§ Exercise requirements: Output, without any change, the listing below from its opening line up to and including the line with "<!DOCTYPE svg PUBLIC".

Material provided START

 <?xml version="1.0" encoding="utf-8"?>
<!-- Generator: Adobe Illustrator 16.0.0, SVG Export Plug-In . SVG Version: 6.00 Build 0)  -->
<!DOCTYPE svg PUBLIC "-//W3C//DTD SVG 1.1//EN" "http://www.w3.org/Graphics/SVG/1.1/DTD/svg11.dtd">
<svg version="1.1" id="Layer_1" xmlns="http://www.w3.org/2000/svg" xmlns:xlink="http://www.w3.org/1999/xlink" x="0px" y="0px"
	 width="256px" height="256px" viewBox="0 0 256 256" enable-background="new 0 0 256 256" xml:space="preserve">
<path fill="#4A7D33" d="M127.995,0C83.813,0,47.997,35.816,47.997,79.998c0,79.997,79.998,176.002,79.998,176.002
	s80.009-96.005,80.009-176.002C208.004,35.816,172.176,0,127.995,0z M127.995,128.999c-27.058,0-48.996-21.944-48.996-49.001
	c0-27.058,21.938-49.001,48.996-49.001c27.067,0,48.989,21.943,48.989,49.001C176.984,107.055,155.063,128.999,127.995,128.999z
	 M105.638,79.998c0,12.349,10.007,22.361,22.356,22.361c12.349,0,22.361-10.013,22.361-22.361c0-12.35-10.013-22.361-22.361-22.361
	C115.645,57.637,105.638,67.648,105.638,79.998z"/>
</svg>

Material provided END

§ Task answer:
 <?xml version="1.0" encoding="utf-8"?>
<!-- Generator: Adobe Illustrator 16.0.0, SVG Export Plug-In . SVG Version: 6.00 Build 0)  -->
<!DOCTYPE svg PUBLIC "-//W3C//DTD SVG 1.1//EN" "http://www.w3.org/Graphics/SVG/1.1/DTD/svg11.dtd">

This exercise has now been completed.